6. Mr. Jahagirdar has also emphasised the fact that although in 1950 the auditor had objected to large funds being allowed to remain with the respondent, the Society did not call upon the respondent to deposit the funds of the Society In a Bank and allowed the previous practice to continue.
The explanation for this has been given by Bhise, who has stated that he had told the auditor, who had raised the objection, that even if the respondent committed any misappropriation, there was no danger to the Society, as the respondent possessed extensive properties. The fact that the Society allowed large funds to lie with the respondent would not, therefore, show that the intention was to keep these funds with him as deposits. The respondent was then the Secretary of the Society and by keeping funds of the Society with him, he could not constitute himself a banker of the Society.
7. We are, therefore, unable to accept Mr. Jahagirdar's argument that the respondent was a banker of the Society, with whom the Society used to deposit its funds and that consequently the amounts cannot be said to have been entrusted to him. In our opinion, the amounts used to lie with the respondent in his capacity as Secretary. They must, therefore, be held to have been entrusted to him in his capacity as Secretary.
8. There can be no doubt that the respondent had misappropriated large amount of at least Rs. 25,343-8-3 which was found from him by the arbitrator, at least) temporarily. Bhise's evidence shows that the respondent had been askedto pay this amount, but he was unable to do BO. In his own letter written to Bhise on 8-3-1952 the respondent stated that he was unable to pay the amount and he asked for time to pay it. There can therefore, be no doubt that he had utilised the Funds of the Society for his own purposes. This would amount to misappropriation,
9. Mr. Jahagirdar has urged that the respondent cannot be said to have acted dishonestly, as he always admitted his liability to the Society. It is no doubt true that the respondent did not deny his liability to pay back the amounts of the Society lying with him. But that would not be sufficient to show that he did not act dishonestly. A person is said to act dishonestly when he does anything with the intention of causing wrongful gain to one person or wrongful loss to another person (See Section 24, Penal Code). By utilising the monies of the Society, the respondent had caused wrongful gain to himself, he had also caused wrongful loss to the Society in preventing the Society from using Its funds at least for a certain period.

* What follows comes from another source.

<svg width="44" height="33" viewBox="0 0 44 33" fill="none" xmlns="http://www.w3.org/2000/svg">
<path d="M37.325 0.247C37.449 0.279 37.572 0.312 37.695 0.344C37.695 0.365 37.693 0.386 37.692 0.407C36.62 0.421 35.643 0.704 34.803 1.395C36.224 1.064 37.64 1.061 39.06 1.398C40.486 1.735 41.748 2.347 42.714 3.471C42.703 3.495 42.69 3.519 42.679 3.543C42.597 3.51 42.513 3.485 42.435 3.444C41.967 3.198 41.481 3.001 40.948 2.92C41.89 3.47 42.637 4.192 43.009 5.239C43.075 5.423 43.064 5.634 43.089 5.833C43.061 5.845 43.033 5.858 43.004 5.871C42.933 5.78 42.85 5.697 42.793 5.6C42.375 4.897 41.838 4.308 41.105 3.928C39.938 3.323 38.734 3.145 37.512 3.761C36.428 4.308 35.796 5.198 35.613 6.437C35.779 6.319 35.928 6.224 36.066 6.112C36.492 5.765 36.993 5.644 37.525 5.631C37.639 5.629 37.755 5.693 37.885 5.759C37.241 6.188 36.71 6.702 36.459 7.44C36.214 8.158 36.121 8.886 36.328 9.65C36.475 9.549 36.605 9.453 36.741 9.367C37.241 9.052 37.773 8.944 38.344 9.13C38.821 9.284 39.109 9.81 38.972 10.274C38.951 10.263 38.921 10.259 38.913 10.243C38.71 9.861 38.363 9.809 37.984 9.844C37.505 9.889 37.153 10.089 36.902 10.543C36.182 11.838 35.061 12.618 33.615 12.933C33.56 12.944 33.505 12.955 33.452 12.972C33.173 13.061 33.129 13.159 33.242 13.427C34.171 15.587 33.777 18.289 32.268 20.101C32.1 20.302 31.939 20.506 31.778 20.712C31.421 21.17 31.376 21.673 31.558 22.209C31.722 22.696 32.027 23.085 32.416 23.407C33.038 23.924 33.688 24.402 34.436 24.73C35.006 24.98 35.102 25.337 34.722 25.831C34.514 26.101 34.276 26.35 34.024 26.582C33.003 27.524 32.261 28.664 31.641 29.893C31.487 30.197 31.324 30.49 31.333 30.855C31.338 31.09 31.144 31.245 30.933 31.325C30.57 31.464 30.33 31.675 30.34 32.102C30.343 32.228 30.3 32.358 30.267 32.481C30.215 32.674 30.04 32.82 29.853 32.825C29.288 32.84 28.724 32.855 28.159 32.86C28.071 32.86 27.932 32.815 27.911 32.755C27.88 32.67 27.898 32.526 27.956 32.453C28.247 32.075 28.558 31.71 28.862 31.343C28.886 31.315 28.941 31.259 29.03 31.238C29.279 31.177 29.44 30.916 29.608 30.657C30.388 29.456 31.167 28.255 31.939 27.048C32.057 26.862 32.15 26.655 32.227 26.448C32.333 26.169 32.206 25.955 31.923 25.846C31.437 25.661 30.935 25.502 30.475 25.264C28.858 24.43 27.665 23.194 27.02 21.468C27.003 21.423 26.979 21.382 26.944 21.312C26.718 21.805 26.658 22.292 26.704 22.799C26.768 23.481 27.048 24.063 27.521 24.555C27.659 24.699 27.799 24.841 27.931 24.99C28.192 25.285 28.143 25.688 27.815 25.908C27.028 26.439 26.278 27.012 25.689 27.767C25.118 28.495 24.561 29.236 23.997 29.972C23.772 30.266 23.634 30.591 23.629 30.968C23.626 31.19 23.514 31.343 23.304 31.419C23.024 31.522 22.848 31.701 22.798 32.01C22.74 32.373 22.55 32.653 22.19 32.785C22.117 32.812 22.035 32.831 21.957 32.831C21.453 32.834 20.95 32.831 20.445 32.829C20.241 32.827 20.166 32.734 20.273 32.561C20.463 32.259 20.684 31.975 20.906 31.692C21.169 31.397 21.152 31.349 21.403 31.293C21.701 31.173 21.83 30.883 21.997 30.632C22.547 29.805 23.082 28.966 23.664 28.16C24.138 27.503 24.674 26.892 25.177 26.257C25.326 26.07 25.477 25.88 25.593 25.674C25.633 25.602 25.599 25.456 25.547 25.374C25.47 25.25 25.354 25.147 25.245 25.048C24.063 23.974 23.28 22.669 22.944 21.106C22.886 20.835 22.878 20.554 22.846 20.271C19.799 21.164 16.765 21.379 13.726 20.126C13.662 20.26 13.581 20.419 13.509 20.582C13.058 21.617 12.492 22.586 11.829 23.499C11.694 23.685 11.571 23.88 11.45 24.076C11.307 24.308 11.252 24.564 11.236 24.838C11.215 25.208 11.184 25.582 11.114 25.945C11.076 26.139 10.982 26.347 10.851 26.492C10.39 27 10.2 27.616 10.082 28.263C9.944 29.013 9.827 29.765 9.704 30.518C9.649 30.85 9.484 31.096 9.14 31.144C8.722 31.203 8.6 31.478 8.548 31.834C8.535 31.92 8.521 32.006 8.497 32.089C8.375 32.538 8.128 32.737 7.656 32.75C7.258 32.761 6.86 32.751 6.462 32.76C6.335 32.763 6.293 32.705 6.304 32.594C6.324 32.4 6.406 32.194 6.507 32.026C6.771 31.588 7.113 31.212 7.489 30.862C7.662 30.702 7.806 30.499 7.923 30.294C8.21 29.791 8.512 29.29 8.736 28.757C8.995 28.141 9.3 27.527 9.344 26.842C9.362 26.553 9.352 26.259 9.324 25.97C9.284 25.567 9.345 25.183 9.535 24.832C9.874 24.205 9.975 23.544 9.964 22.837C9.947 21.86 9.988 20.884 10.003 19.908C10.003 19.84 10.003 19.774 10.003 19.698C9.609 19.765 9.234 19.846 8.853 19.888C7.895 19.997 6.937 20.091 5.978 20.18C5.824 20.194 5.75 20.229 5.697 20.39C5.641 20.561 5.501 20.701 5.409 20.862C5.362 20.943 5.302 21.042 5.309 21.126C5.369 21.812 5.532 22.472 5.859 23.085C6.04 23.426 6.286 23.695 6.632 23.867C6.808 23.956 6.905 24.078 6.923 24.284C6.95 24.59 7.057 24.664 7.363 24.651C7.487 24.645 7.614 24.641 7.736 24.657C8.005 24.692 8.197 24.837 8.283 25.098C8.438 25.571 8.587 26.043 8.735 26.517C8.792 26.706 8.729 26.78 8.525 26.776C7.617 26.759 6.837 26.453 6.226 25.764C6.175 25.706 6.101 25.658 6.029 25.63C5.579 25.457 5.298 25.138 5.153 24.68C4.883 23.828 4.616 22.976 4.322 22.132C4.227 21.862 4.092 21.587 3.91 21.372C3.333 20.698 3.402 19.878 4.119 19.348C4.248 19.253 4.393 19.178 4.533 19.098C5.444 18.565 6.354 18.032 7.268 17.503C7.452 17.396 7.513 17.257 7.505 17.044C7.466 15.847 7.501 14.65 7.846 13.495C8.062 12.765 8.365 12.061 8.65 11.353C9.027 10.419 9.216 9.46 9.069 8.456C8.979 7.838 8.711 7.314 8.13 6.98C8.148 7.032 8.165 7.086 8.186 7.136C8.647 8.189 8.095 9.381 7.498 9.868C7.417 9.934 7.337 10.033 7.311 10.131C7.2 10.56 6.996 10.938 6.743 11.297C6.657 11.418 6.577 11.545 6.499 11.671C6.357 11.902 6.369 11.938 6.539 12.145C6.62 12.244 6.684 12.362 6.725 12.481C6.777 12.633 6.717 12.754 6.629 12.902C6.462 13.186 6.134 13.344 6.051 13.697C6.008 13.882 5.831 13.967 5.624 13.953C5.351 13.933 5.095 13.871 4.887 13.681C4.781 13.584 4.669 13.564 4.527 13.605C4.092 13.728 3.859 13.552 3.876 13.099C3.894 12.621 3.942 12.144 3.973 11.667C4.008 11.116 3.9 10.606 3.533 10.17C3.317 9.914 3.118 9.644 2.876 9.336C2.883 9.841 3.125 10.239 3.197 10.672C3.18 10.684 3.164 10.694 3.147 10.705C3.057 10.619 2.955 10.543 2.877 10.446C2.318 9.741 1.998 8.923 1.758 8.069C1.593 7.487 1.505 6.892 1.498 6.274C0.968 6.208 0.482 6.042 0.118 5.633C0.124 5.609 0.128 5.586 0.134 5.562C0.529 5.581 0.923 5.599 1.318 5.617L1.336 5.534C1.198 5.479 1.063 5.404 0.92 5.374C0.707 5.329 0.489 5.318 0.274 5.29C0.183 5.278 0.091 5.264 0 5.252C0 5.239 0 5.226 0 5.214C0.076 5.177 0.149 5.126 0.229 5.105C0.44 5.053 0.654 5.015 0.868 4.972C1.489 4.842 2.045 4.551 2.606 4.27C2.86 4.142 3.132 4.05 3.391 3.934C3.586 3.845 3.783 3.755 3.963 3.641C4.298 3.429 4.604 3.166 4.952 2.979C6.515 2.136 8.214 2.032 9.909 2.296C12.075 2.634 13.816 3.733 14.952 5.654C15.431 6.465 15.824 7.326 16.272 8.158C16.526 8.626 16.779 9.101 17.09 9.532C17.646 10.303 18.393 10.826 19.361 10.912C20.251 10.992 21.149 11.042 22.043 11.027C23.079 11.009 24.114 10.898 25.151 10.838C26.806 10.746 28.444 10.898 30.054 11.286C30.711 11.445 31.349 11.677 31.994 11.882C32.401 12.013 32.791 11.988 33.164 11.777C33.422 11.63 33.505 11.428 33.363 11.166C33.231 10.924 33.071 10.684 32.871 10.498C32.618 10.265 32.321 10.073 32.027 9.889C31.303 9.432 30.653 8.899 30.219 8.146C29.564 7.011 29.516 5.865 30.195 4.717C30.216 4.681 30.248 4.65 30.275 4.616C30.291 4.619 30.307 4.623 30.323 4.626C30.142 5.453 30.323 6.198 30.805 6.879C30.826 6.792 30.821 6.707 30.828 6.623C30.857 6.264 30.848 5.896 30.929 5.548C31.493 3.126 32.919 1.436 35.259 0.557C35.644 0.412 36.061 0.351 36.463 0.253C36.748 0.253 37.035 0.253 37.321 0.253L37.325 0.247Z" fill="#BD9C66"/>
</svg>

10. We are accordingly of the opinion that the learned Additional Sessions Judge was wrong in setting aside the conviction of the respondent. We, therefore, allow the appeal and convict the respondent under Section 408, Penal Code.
11. As regards the sentence, the respondent has paid off the entire amount due from him. The offence was committed by him between 1-9-1051 and 31-3-1952. The complaint was lodged against him over 3 years ago on 17-7-1952. Since then various proceedings have been pending against the respondent. In view of these facts and also as the respondent had paid off the whole amount due to the Society, we think that it would be sufficient to meet the ends of justice if we impose a fine upon the respondent.
12. Accordingly, we convict the respondent under Section 408, Penal Code and sentence him to one day's simple imprisonment and a fine of Rs. 1,000/-. In default of payment of fine, the respondent shall undergo rigorous imprisonment for a period of 3 months. The respondent is given three months' time to pay the fine.